Дарья, желая ее успокоить, покорно кивнула головой.
– Ладно, ладно, милая, говори, что тебя мучит…
Анна перевела дух, пытаясь собраться с силами. Ей предстояло открыть тайну, хранимую много лет.
– Наш Ванечка, – начала она решительно, однако, слова застряли у нее где-то внутри, – Наш с Василием сын…, – будто выкорчевывала Анна их из собственного сердца, – Приемный ребенок…
Старуха крякнула, решив, что женщина окончательно спятила, но Анна, не обращая внимания на ее изумление, договорила:
– Родной умер на пятый день после родов. Простите, если сможете…
Обрушившаяся правда, казалось, придавила еще больше и без того сгорбленную спину Дарьи.

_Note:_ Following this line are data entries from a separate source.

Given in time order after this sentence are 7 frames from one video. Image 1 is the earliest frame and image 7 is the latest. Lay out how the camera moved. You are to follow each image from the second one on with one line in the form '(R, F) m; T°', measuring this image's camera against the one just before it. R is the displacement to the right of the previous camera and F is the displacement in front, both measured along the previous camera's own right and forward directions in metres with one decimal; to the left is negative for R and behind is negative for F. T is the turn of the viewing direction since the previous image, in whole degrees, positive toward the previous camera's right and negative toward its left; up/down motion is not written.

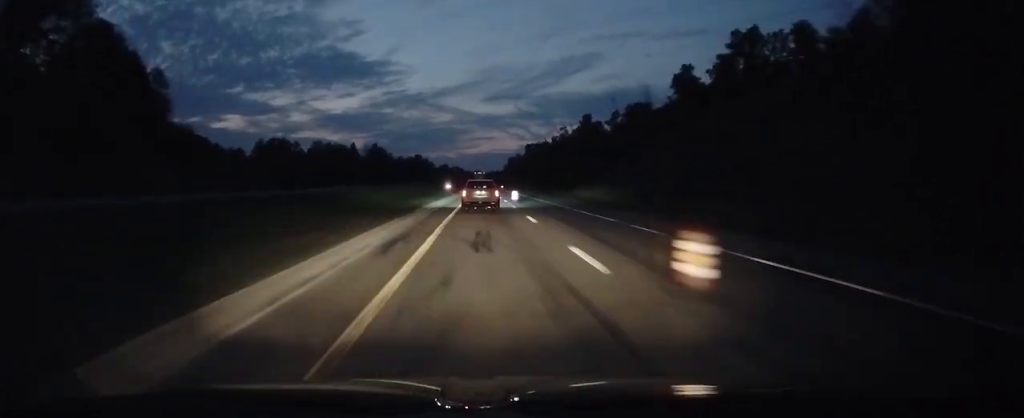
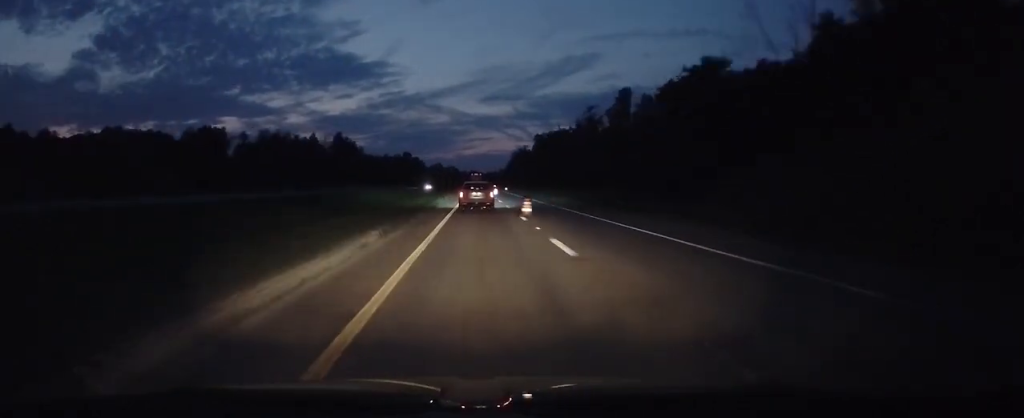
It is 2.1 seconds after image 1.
(+0.1, +59.5) m; 0°
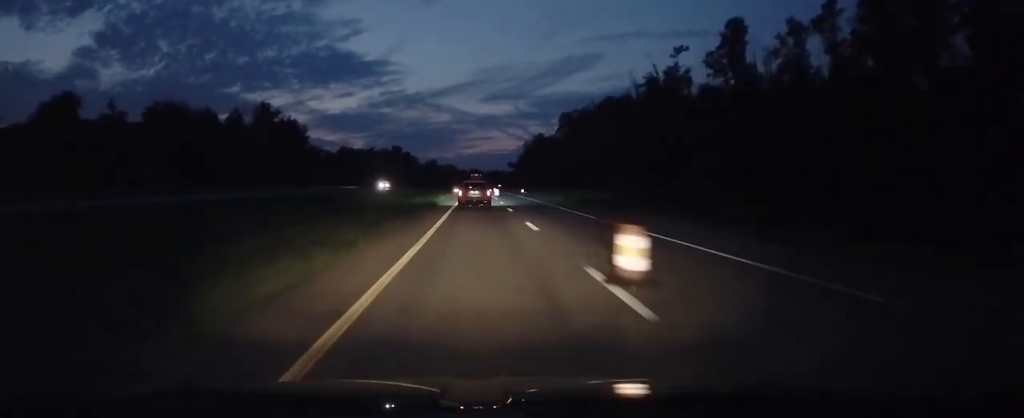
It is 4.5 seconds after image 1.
(0.0, +67.5) m; 0°
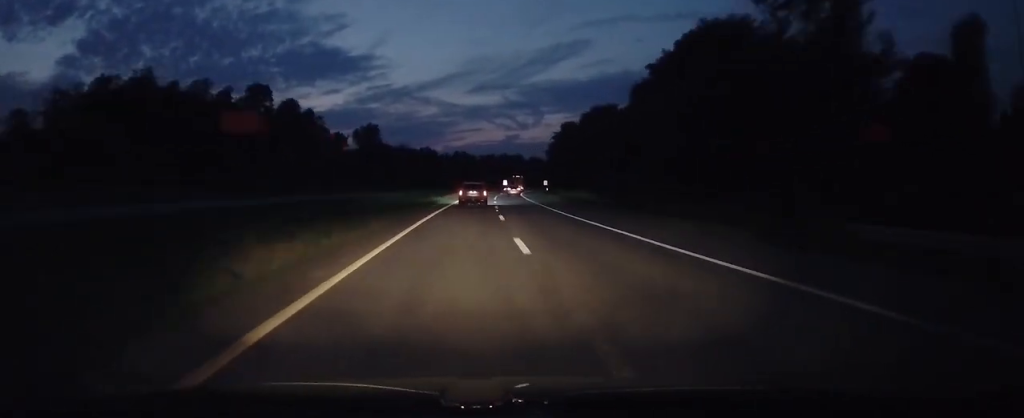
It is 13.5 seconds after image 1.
(+2.6, +255.1) m; +3°
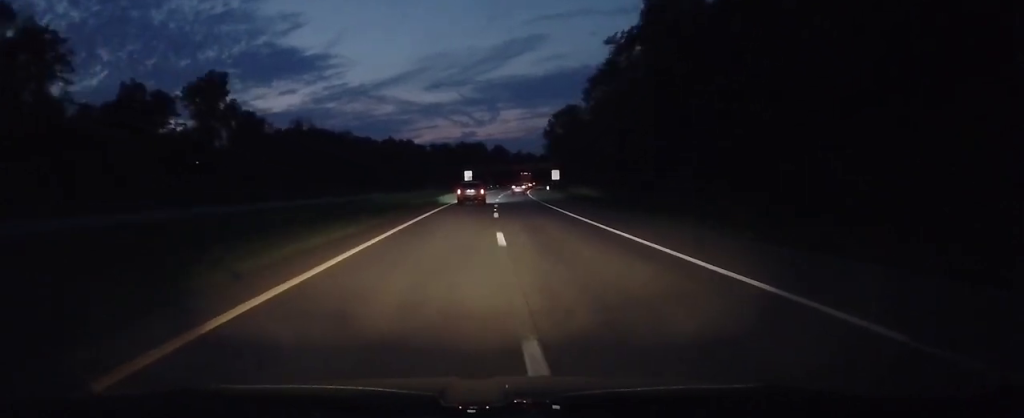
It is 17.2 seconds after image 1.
(+3.9, +110.5) m; +5°
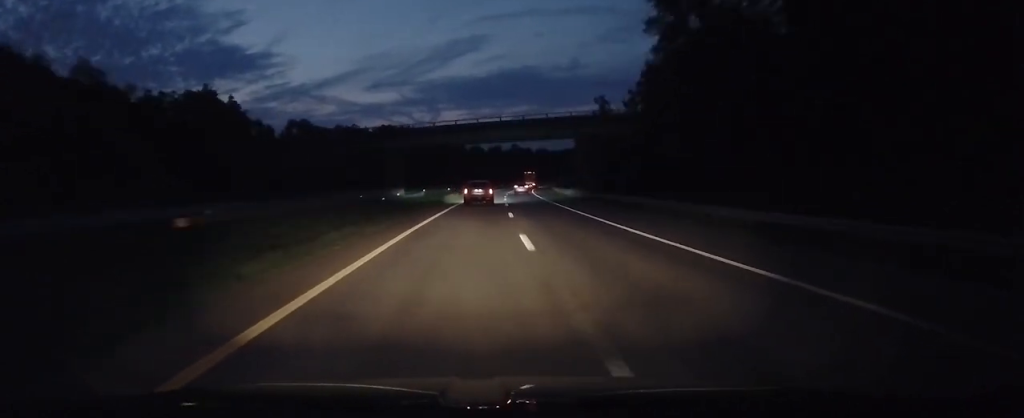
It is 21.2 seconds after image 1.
(+5.7, +121.5) m; +6°
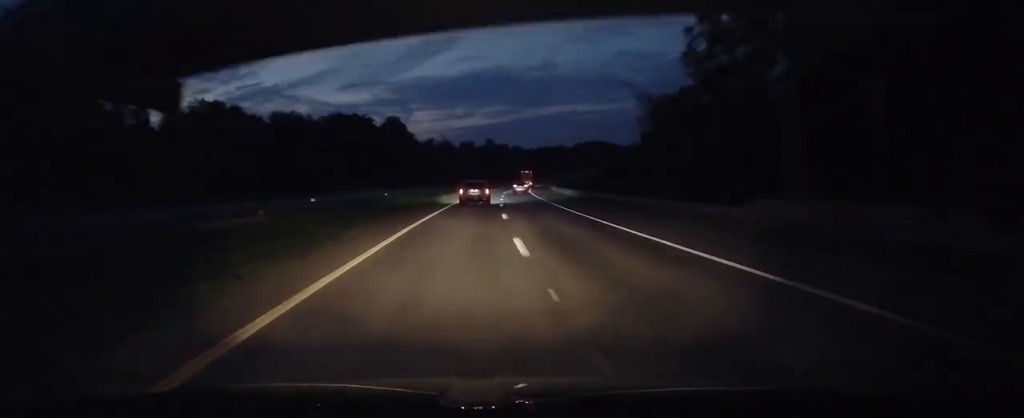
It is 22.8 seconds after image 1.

– Зачем, теперь-то, ты мне все это рассказываешь, Анна? – с горечью в голосе спросила бабка.
– Я никогда бы не сделала этого, – прошептала умирающая невестка, – Никогда.… Но у меня осталось слишком мало времени и я хочу быть уверена, что после моей смерти вы так, же будете заботиться о мальчике…
Дарья, качнула сухонькой головой, будто отказывалась верить, и снова спросила:
– Теперь-то, зачем?
Слабый румянец зажег догорающее лицо женщины.
– Боялась, Василий когда-нибудь это сделает…, – призналась тихо Анна и, вдруг, рванулась вперед, будто раненая птица в предсмертном крике, – А для меня Ванечка, – зазвенел ее возбужденный голос в притихшей комнате, – Родней родного! – сверкнувший было в глазах огонь, так же быстро погас, как и вспыхнул, и обессиленная Анна снова упала в подушки.
Дарья поправила голову невестки и, вздохнув, уткнулась лицом в натруженную ладонь. Все последние их годы она пыталась осознать произошедшую в своем сыне перемену, будто расколовшую его на два человека: доброго и злого. То, что причина кроется в Анне, старуха знала всегда. «Но, почему они молчали?! Почему не открылись матери, столько времени!», – больно кольнула обида в сердце.
Анна, между тем, ждала ответа, она смотрела на перетянутую синими жгутами руку свекрови и начинала волноваться все больше.
Но, вот, старуха, наконец, освободила жманное лицо, и женщина увидела покрасневшие от слез глаза.
– Напрасно ты тратила силы, каясь передо мной, – глухо отозвалась бабка, и Анна в ужасе вздрогнула от ее слов, – Старая я стала, Аннушка, глухая.… Не расслышала ничего.… А за мальчонкой, как ходила, так и буду ходить, пока ноги держат…
Женщина облегченно выдохнула, подтянула ее изъеденную морщинами руку к своим губам.
– Спасибо…, – прошептала она благодарно.
Дарья не хотела больше ничего говорить, но язык, казалось, сам заворочался.